John H. Baker Jr. | Energy Editor, Transmission & Distribution World

John Baker is a proven utility executive, strategist, engineer and executive consultant. He is the energy editor for Transmission & Distribution World, writing a monthly column entitled “Energy Transitions.” He is also president of Inception Energy Strategies, an executive consultancy serving the utility industry. He has particular expertise in strategic business models, new energy technologies, customer strategies and smart grid. He has given numerous domestic and international presentations on smart grid and other utility of the future topics.

Prior to starting his consulting practice, John served from February to November 2011 as the director of Utility Systems Research at the Pecan Street Project, a research and development organization focused on emerging energy technologies, new utility business models, and customer behavior associated with advanced energy management systems. In that role, he led the development of both a smart grid home research laboratory and a utility-side smart grid research project.

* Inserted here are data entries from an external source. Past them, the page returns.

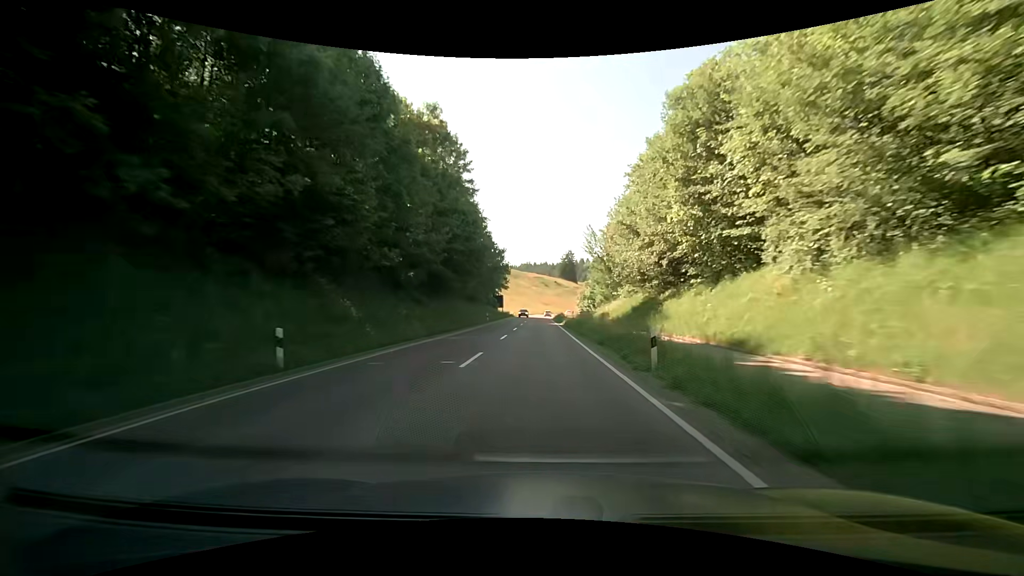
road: primary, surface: asphalt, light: Day
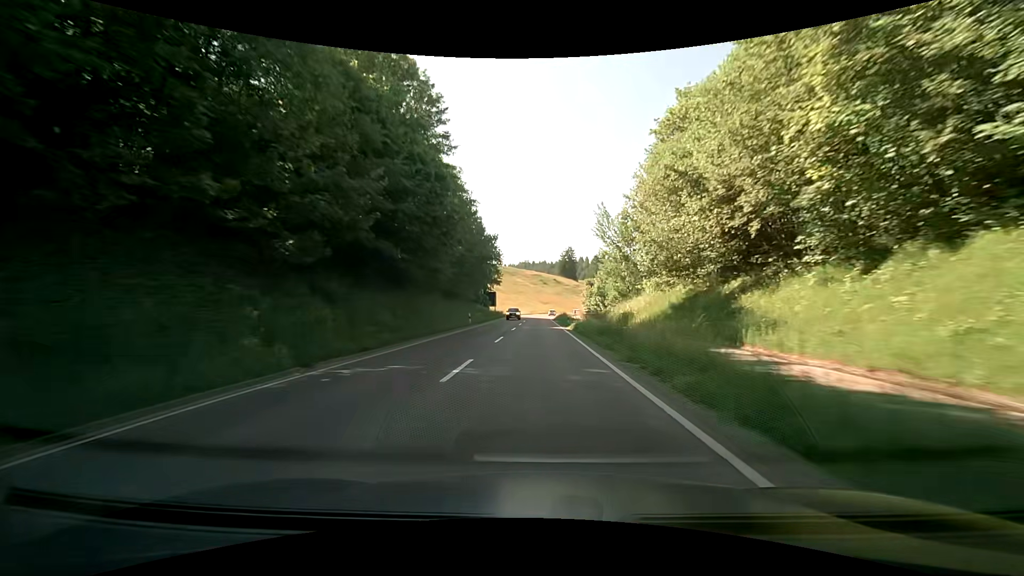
(0.0, +14.6) m; 0°
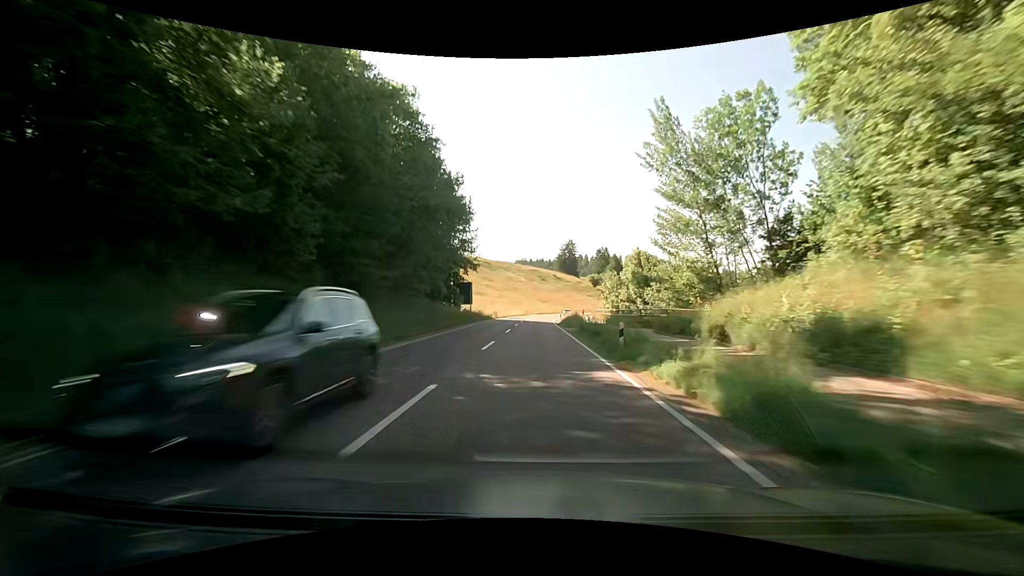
(+0.1, +29.5) m; +1°
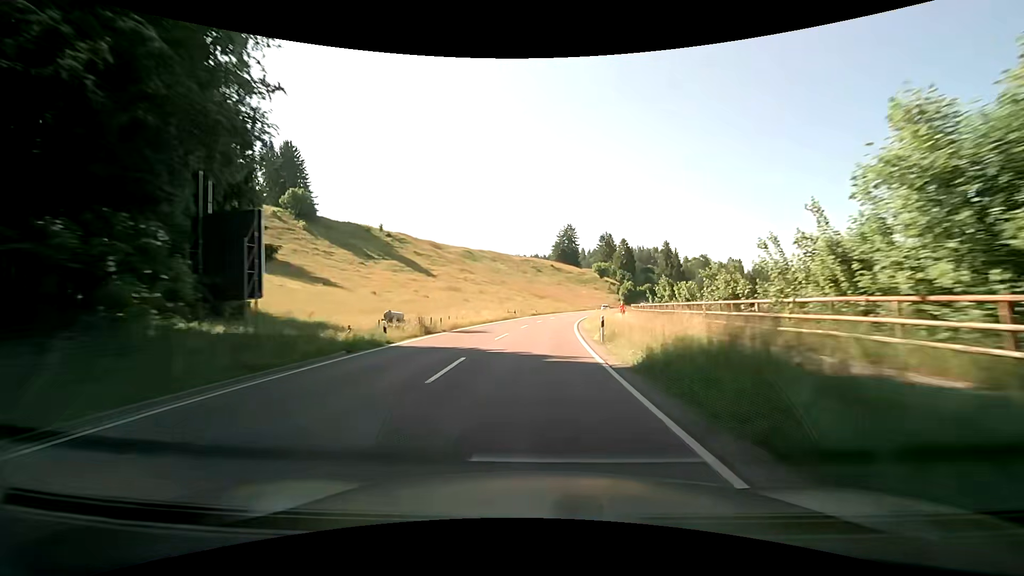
(-0.3, +43.7) m; -1°
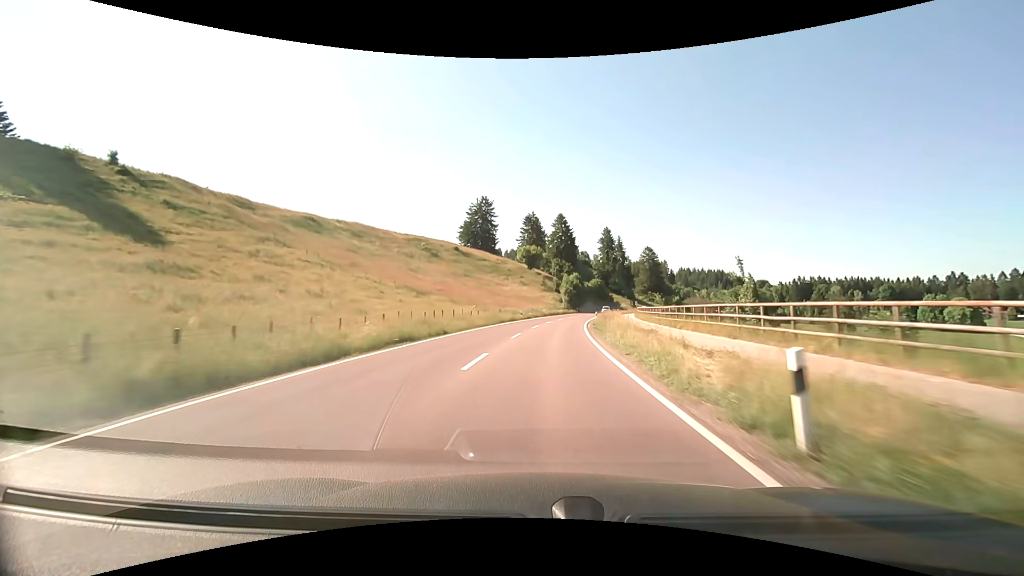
(+1.8, +69.6) m; +5°
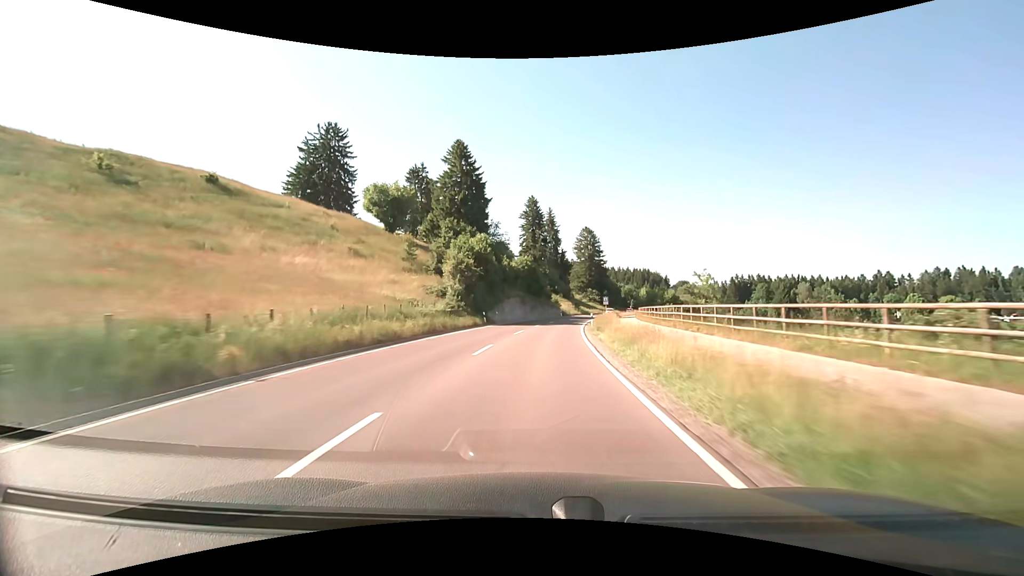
(+5.4, +68.6) m; +9°
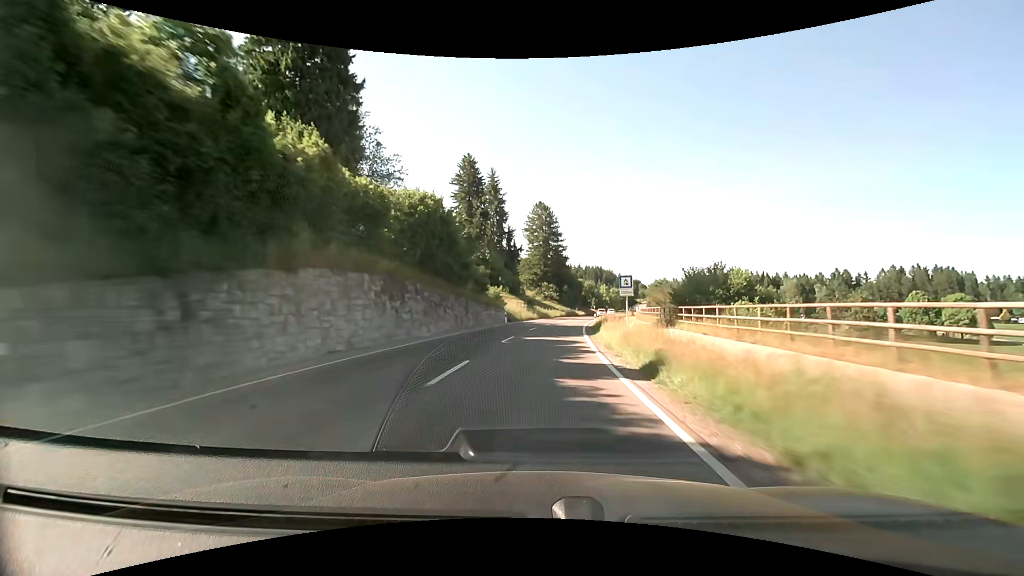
(+1.9, +41.5) m; +5°
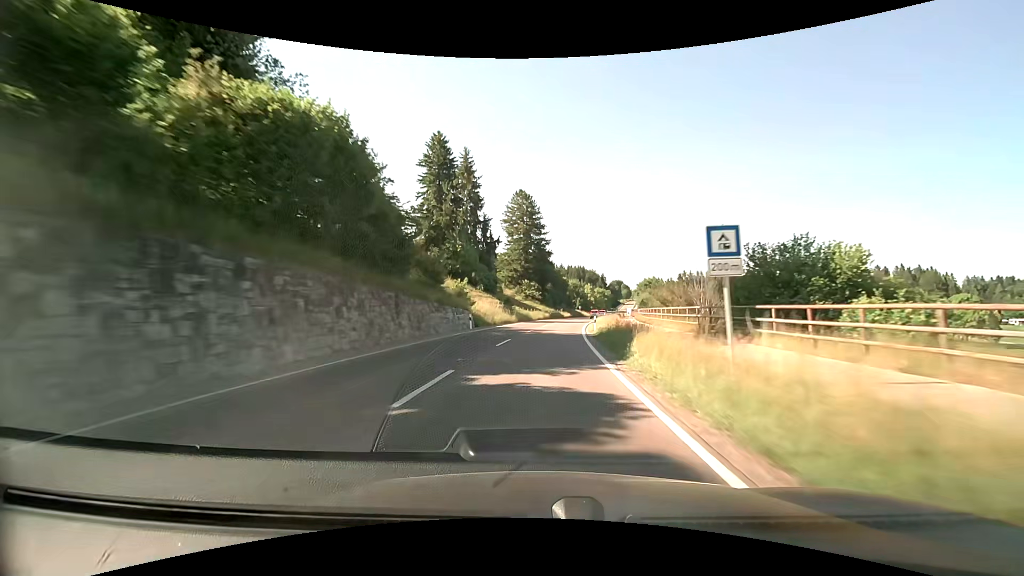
(+0.2, +13.9) m; +2°

John was the chief strategy officer at Austin Energy from October 2002 to February 2011, creating the organization’s strategic planning function in 2002; helping set its sustainable energy direction; establishing key collaboration agreements with the University of Texas’s Clean Energy Incubator; leading a cross-functional effort that examined solar technologies and related financial structures, resulting in the development of a 30-MW solar plant; and leading the utility’s participation in the development of the Pecan Street Project.

Over the course of his 35-plus-year utility career, he also served as vice president of customer care and marketing, director of system operations and reliability, division manager of distribution system support and manager of distribution engineering.

John earned his BSEE degree from the University of Texas at Austin and his MBA from the University of Dallas.